Plans for the ferry service to Lower and Midtown Manhattan were announced in November 2018. In June 2020, the project received $5.3 million in federal funding for construction of a terminal near the train station. On October 30, 2023, the NY Waterway began service between South Amboy and Manhattan, with stops at Downtown (Brookfield Place/Battery Park City) and Midtown (W39th Street) at 100 Radford Ferry Road. Free local shuttles run between Sayreville and South Amboy with various current bus stops, as well as one at South Amboy Station. As of now, the ferry schedule is limited to Monday-Friday during mornings and evenings, each with four departures. Morning departures from South Amboy begin at 5:45AM and end at 8:45AM, with all trips arrive about 55 minutes to Brookfield Place, and only the last two going to Midtown, which arrives about 10 minutes later. There are no trips to South Amboy in the mornings. Evening departures from Manhattan only leave Midtown at 3:15PM and 4:15PM, while departures are at every hour from 3:30PM to 6:30PM at Brookfield Place. There are two return trips from South Amboy to Manhattan at 4:25PM and 5:25PM. The ferry includes free transfers to Weehawken, Hoboken, and Jersey City. The ferry offers tea, coffee, and refreshments on board. There is free parking by the ferry terminal. There is currently only a temporary terminal at the end of an abandoned industrial pier, but a $30 million dollar permanent facility is in the process of being built nearby with a planned opening in 2025.

The Raritan River Railroad provided passenger service to the city from 1888 to 1938. The railroad is now defunct along this part of the line.

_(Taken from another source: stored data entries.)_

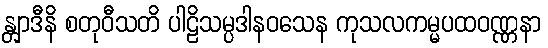
န္တျာဒီနိ စတုဝီသတိ ပါဠိသမ္ပဒါနဝသေန ကုသလကမ္မပထဝဏ္ဏနာ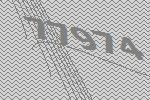
77974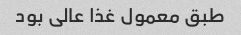
طبق معمول غذا عالی بود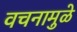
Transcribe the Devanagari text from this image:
वचनामुळे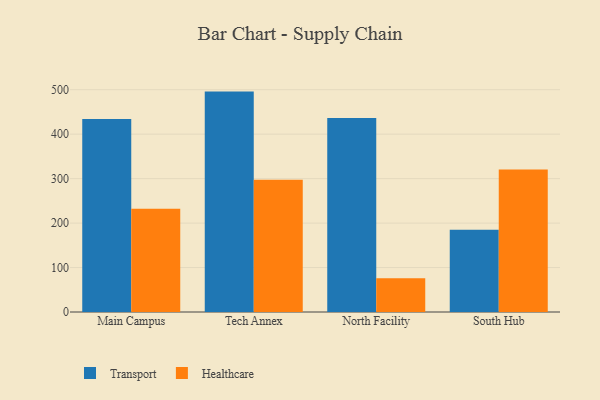
{"axis": {"x": "Campus", "y": "Budget (USD K)"}, "legend": ["Healthcare", "Transport"], "data": [{"x": "Main Campus", "y": 433.9, "type": "Transport"}, {"x": "Main Campus", "y": 232.0, "type": "Healthcare"}, {"x": "Tech Annex", "y": 495.7, "type": "Transport"}, {"x": "Tech Annex", "y": 297.2, "type": "Healthcare"}, {"x": "North Facility", "y": 436.2, "type": "Transport"}, {"x": "North Facility", "y": 76.0, "type": "Healthcare"}, {"x": "South Hub", "y": 185.1, "type": "Transport"}, {"x": "South Hub", "y": 320.3, "type": "Healthcare"}]}

Proposals have been made to use the line as a light rail route.

==Notable people==

People who were born in, residents of, or otherwise closely associated with South Amboy include:

- Don Campbell (1916–1991), tackle who played for two NFL seasons
- Allie Clark (1923–2012), champion of the 1947 & 1948 World Series
- Richard Field Conover (1858–1930), tennis player, lawyer and real estate manager
- Craig Coughlin (born 1958), New Jersey General Assembly member who has represented the 19th Legislative District since 2010
- Greg Evigan (born 1953), actor best known for appearing on the TV series B. J. and the Bear and My Two Dads
- John H. Froude (born 1930), politician who served in the New Jersey General Assembly from 1972 to 1980
- Monroe Green (c. 1904–1996), businessman and long-time advertising director of The New York Times
- Harold G. Hoffman (1896–1954), mayor, congressman for New Jersey's 3rd congressional district between 1927-1931, and 41st governor of New Jersey between1935-1938, for whom South Amboy Elementary School is named
- Benjamin Franklin Howell (1844–1933), Founder of Amboy Bank, Republican congressman for New Jersey's 3rd congressional district between 1895-1911 , buried in Christ Church Cemetery
- Jack McKeon (born 1930), manager of the 2003 World Series champion Florida Marlins
- Johnny O'Brien (1930-2025) and Eddie O'Brien (1930–2014), twin baseball players for the Pittsburgh Pirates
- Charles Pettit (1736–1806), lawyer, merchant, and delegate to the Congress of the Confederation
- Thomas J. Scully (1864–1921), South Amboy mayor (1910-1911) and Democratic congressman for New Jersey's 3rd congressional district between 1911-1921
- Elmer Stout (1929–2013), football player
- Edward D. Thalmann (1945–2004), expert in diving medicine
- Marques Townes (born 1995), basketball player for the Loyola Ramblers men's basketball team
- Ted Weiss (1927–1992), politician who served in the United States House of Representatives for New York from 1977 until his death in 1992
- Timothy Wiltsey (1985–1991), child murder victim whose mother was convicted 25 years later, a conviction vacated on appeal in 2021 by the New Jersey Supreme Court

==In popular culture==
Scenes from the 1985 Woody Allen movie The Purple Rose of Cairo were filmed in the former Raritan Diner.

Scenes from the 2000 film Coyote Ugly starring Piper Perabo were filmed in South Amboy and the main character is from the city.

A punishment for the TV show Impractical Jokers was filmed at the Rollermagic Rollerrink, featuring a local roller-derby team.